Sattar is the personal secretary to the chairperson of the Bangladesh Nationalist Party and former Prime Minister Khaleda Zia. He is the President of the BCS (Administration) Welfare Multi-purpose Cooperative Society Limited. After the fall of the Sheikh Hasina-led Awami League government, he took over the Officer's Club in Dhaka. He is the self-declared general secretary of the Officers Club, Dhaka. He cancelled a book launch by Kazi Kayum Shishir, Director of the Department of Inspection and Audit, on Khaleda Zia.

In December 2024, he called for the removal of the head of the Public Administration Reform Commission Abdul Muyeed Chowdhury. He is the president of the Baisamya Birodhi Karmachari Oikya Forum, an anti-discrimination forum of civil servants, and has called for an end to contractual appointments in the civil administration. In June 2025, he was present at the handover of a house in Gulshan to Khaleda Zia by the advisor of the Ministry of Housing and Public Works Adilur Rahman Khan and Rajdhani Unnayan Kartripakkha Chairman Riazul Islam.

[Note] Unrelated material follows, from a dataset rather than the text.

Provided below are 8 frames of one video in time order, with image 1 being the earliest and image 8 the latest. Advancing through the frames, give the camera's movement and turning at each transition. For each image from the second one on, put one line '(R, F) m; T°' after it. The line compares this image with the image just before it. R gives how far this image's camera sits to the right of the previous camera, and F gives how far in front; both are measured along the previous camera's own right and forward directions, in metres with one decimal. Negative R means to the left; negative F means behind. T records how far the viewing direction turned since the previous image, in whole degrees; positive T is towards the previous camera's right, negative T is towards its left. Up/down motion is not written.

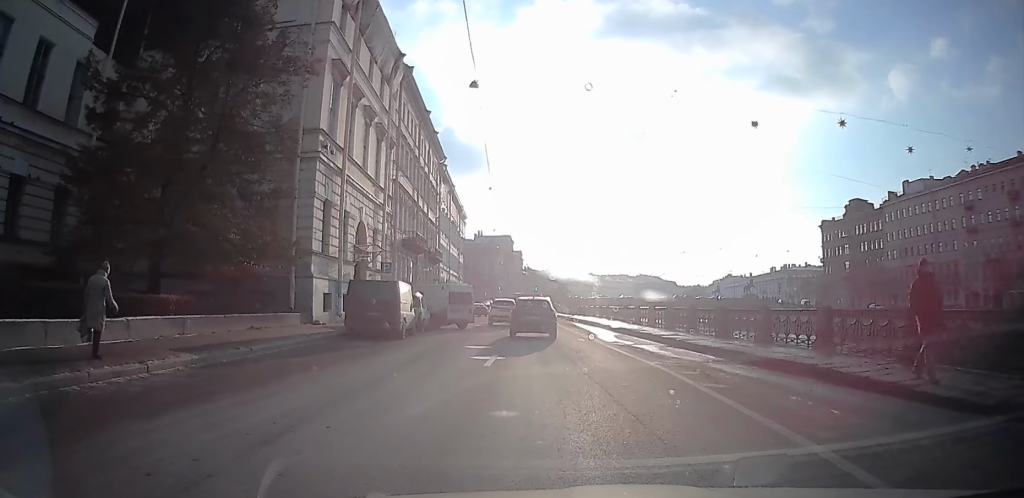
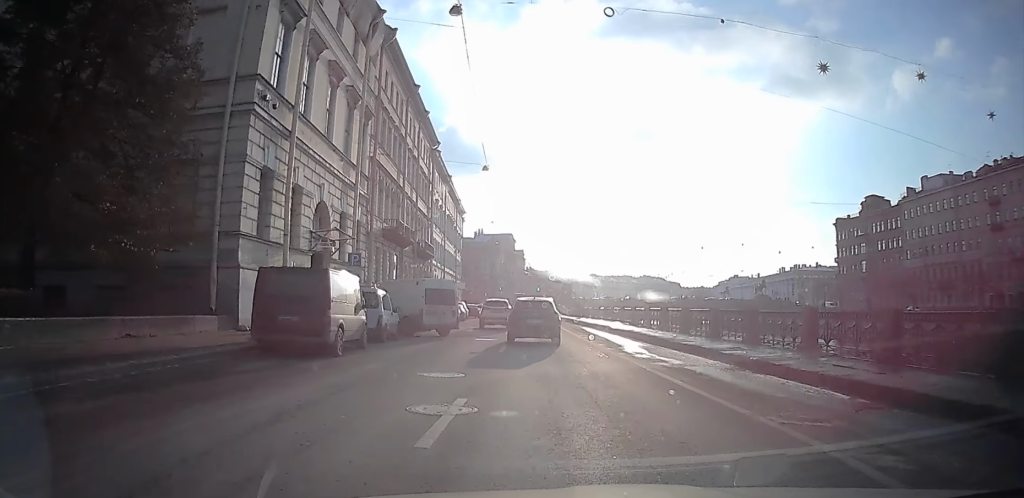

In August 2025, Sattar accused eight advisors of the Muhammad Yunus led interim government of being corrupt and questioned the competence of health advisor Nurjahan Begum. The interim government asked him for evidence and denied his allegations. He is a director of Rupali Bank Limited. He took control and declared himself general secretary of the Officers Club, Dhaka after the fall of the Sheikh Hasina-led Awami League government. He is the president of BCS (Admn) Welfare Multipurpose Cooperative Society Limited and the Anti-Discrimination Employees' Unity Forum.